We introduce a new geometric model for Monte Carlo (MC) simulation of breast tomosynthesis and mammography images with very high resolution digital breast phantoms voxelized at resolutions down to 50 microns or less. This fine sampling of the anatomy is required to reproduce the spiculated lesions and microcalcifications visible in clinical mammograms with pixel sizes under 100 microns. Phantoms voxelized at this resolution require such a large amount of computer memory that it might not be possible to execute the simulation in regular computers or in Graphics Processing Units (GPU), limiting the realism that can be achieved in virtual clinical trials.
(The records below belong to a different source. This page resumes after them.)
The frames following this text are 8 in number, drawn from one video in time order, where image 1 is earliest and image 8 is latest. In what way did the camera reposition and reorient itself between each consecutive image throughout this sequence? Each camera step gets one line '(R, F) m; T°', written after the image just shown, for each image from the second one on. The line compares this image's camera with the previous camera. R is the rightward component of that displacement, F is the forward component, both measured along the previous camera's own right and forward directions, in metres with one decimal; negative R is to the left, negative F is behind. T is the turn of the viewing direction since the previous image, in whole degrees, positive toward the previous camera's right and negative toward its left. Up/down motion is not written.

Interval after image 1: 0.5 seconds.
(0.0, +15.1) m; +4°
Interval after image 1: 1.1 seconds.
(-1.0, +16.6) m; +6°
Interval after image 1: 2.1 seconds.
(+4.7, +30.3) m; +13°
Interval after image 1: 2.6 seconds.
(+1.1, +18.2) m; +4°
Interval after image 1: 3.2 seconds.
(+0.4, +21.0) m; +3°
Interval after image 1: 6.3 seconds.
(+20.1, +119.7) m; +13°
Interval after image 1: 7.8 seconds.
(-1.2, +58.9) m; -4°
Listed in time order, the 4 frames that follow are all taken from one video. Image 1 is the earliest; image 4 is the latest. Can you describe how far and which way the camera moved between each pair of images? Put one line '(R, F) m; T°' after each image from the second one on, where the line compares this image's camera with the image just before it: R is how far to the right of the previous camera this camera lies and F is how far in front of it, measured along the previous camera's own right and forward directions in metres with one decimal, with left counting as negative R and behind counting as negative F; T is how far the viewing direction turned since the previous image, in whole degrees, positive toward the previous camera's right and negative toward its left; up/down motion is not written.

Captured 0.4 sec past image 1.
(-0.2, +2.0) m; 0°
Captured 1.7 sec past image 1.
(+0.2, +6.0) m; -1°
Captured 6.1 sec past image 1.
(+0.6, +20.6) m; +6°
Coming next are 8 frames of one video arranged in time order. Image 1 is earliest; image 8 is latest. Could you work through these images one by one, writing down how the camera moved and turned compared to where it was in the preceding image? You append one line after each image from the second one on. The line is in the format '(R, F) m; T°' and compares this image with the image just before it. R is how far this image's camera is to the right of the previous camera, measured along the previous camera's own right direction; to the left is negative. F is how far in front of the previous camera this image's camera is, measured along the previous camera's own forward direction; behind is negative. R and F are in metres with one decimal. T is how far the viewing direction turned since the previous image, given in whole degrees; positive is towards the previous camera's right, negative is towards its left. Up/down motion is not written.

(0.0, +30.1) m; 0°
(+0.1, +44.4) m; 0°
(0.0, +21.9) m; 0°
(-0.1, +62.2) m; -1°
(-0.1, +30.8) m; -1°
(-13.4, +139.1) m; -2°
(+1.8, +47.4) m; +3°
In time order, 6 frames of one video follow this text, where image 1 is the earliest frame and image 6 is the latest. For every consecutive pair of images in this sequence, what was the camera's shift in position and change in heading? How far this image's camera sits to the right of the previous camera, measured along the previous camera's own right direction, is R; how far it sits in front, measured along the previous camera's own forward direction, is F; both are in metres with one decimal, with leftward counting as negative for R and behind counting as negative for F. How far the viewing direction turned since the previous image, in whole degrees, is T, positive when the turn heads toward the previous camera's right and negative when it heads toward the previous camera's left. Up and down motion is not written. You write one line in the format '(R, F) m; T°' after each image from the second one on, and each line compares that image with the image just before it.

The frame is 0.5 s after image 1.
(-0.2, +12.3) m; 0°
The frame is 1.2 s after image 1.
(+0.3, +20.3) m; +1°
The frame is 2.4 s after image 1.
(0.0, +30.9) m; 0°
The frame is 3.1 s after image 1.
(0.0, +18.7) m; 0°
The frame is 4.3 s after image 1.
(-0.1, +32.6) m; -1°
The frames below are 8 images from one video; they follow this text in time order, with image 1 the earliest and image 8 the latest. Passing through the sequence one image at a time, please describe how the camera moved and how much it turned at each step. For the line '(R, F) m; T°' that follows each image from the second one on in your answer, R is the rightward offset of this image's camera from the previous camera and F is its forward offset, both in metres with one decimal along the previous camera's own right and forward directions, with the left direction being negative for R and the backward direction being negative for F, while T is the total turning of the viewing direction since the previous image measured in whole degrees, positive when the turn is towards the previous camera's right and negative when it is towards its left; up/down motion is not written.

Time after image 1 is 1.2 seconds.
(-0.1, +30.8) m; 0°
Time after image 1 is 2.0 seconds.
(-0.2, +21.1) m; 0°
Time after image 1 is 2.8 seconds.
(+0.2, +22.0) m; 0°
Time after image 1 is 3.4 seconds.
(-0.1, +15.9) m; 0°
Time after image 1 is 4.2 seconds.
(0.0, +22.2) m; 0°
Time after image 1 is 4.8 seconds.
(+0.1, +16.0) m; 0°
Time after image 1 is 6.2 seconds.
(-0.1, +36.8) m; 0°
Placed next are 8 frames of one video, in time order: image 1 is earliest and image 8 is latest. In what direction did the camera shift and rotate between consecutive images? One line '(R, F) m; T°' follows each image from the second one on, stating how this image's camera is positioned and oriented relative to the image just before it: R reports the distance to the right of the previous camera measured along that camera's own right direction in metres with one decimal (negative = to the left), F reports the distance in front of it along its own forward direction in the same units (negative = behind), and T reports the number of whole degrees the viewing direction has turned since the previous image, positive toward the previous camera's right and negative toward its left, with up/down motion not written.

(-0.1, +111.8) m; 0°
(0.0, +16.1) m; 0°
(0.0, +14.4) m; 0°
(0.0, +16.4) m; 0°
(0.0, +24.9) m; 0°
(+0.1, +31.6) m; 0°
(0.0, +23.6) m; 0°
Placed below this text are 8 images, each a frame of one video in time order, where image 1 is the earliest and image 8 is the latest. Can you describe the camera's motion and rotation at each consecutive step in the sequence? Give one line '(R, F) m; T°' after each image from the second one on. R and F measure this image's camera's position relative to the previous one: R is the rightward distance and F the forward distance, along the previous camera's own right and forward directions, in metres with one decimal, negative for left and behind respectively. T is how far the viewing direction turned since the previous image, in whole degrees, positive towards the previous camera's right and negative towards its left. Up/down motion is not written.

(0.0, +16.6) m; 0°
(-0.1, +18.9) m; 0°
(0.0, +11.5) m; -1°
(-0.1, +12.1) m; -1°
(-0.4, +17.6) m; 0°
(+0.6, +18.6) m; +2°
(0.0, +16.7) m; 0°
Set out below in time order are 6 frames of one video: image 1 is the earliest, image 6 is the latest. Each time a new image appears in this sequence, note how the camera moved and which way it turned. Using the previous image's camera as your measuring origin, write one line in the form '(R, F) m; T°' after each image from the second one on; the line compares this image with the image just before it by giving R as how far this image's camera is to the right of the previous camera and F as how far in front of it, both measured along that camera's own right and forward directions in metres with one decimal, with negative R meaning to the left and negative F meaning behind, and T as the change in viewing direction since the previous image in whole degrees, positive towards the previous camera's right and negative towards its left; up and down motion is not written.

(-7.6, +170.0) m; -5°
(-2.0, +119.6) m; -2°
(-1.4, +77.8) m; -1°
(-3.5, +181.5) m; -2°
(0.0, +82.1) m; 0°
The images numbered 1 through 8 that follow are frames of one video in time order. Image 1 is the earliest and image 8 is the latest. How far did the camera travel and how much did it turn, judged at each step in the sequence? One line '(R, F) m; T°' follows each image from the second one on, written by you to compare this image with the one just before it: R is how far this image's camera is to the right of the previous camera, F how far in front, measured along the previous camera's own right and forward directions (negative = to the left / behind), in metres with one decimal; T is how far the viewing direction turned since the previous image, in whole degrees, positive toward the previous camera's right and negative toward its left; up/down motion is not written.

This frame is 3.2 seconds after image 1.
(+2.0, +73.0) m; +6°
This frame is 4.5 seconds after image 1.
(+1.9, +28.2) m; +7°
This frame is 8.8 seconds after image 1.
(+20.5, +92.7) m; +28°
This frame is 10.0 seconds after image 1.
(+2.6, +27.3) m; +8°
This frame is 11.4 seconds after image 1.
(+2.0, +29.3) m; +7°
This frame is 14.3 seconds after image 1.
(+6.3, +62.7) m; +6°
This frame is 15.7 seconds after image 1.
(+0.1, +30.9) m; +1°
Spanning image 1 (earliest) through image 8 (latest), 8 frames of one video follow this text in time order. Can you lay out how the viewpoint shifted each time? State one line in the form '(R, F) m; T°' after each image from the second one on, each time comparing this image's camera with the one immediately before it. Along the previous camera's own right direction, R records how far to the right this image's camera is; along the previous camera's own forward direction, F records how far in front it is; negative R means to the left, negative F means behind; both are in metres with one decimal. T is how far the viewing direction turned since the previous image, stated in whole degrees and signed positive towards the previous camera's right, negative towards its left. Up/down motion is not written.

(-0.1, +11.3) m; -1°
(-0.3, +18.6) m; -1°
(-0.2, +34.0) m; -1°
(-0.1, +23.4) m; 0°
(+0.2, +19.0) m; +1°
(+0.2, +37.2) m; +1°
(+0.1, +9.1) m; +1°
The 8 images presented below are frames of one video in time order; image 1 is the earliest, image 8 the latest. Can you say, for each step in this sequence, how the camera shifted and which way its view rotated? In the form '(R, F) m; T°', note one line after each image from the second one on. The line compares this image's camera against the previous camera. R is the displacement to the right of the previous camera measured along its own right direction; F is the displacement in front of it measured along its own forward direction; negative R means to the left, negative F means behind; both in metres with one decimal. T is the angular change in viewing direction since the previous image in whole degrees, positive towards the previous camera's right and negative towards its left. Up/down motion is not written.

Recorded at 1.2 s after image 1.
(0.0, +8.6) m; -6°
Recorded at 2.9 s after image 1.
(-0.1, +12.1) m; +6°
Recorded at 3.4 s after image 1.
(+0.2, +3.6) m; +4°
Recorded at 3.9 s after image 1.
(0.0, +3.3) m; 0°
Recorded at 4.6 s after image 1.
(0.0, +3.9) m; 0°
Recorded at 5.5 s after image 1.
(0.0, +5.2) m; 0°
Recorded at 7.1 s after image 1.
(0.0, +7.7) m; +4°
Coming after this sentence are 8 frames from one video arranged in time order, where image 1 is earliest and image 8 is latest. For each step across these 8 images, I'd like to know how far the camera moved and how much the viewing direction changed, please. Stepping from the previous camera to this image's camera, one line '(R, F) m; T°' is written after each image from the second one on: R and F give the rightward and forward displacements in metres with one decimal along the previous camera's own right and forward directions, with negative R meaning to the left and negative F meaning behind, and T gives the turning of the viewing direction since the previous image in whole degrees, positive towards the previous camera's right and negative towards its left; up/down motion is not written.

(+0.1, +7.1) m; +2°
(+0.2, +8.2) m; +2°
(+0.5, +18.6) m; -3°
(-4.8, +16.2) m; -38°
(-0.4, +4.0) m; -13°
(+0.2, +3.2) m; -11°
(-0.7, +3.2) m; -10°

The standard voxel-based geometry model used in MC codes is inefficient in terms of memory use, because uniform regions are described with a large number of identical voxels. We have developed a new geometric model based on a binary tree partition of space. The binary tree recursively divides the object in two equal halves, alternating the x, y, and z dimensions, until a uniform volume or a final voxel are found. A top-down search of the tree structure is used to determine the exact composition of a particular voxel during the ray-tracing process.


The binary tree geometry was implemented in PENELOPE and its GPU-accelerated version MC-GPU. An example tomosynthesis scan was simulated using a computational breast phantom voxelized at 50 micron. This phantom was too large to fit in the GPU memory directly, but its binary tree version required 10 times less memory. The time spend searching the binary tree reduced the simulation speed in half approximately.


We have introduced a new geometry model for in silico imaging of very high resolution phantoms. The binary tree model increases the computation time but, more importantly, enables the simulation of more detailed phantoms than previously possible.